** Opening Data shown block **

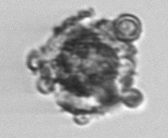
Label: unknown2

** Closing Data shown block **
** Opening Data shown block **

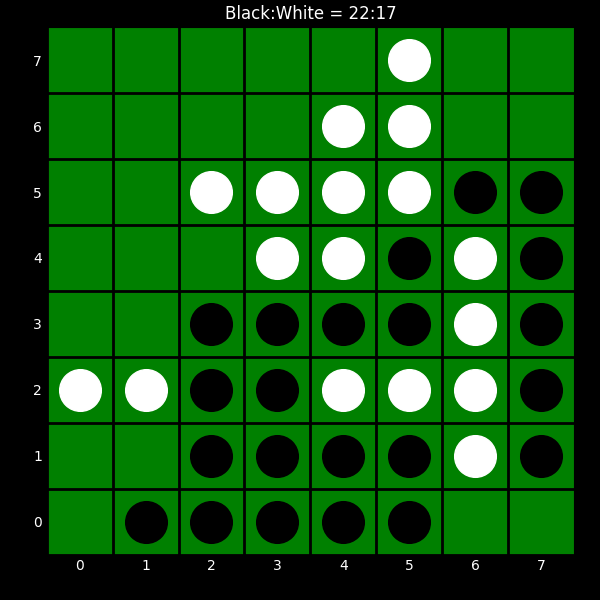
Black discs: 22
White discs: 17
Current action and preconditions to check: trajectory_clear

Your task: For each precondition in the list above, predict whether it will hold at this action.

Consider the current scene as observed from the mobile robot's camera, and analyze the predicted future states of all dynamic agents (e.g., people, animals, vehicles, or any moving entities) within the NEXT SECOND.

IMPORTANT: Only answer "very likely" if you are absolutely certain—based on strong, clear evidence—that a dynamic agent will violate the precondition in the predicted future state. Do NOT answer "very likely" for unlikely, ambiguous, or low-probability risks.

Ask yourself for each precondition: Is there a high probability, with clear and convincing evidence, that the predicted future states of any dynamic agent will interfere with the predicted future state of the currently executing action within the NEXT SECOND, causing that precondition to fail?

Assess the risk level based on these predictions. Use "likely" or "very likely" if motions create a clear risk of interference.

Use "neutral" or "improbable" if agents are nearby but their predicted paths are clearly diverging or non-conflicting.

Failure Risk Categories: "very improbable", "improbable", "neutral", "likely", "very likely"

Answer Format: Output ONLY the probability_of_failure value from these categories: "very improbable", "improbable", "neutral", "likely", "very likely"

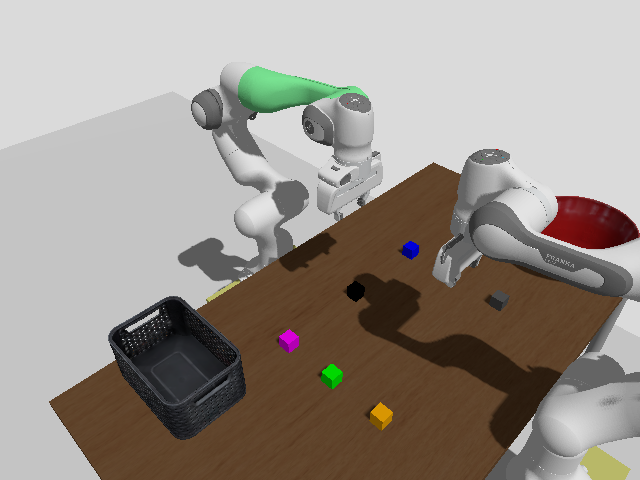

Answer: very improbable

** Closing Data shown block **
** Opening Data shown block **

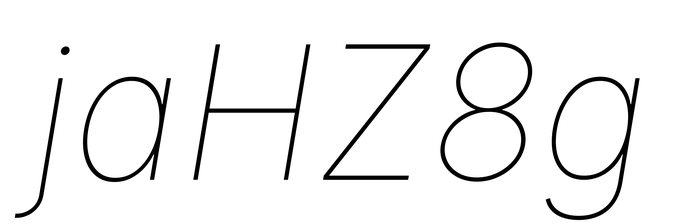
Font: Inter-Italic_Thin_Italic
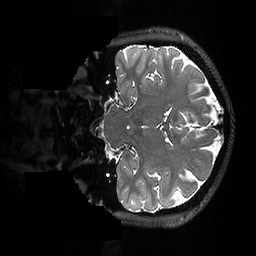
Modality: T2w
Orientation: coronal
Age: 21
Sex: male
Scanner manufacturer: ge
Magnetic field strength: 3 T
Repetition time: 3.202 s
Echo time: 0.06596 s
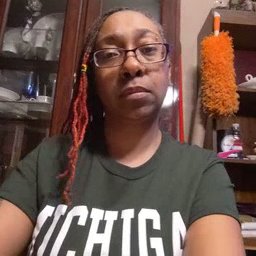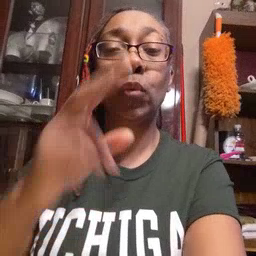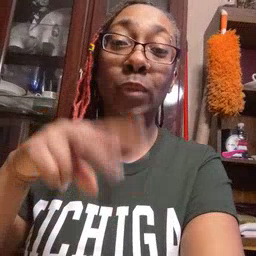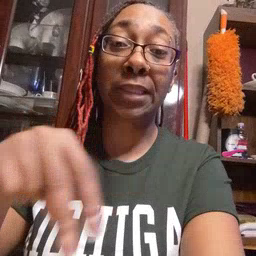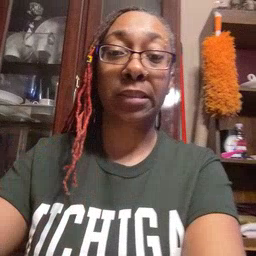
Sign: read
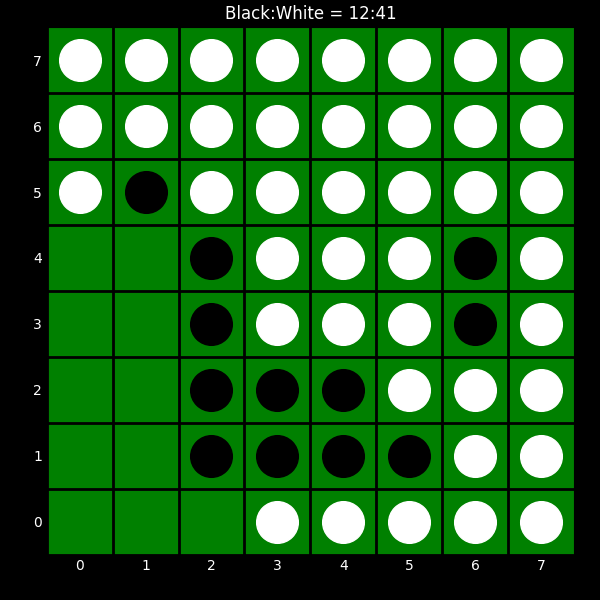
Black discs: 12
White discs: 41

** Closing Data shown block **

Beginning with the line that contains "Orientation: coronal", write out the lines of the material above exactly, and end with the line that contains "White discs: 41". Omit the pictures.

Orientation: coronal
Age: 21
Sex: male
Scanner manufacturer: ge
Magnetic field strength: 3 T
Repetition time: 3.202 s
Echo time: 0.06596 s
Sign: read
Black discs: 12
White discs: 41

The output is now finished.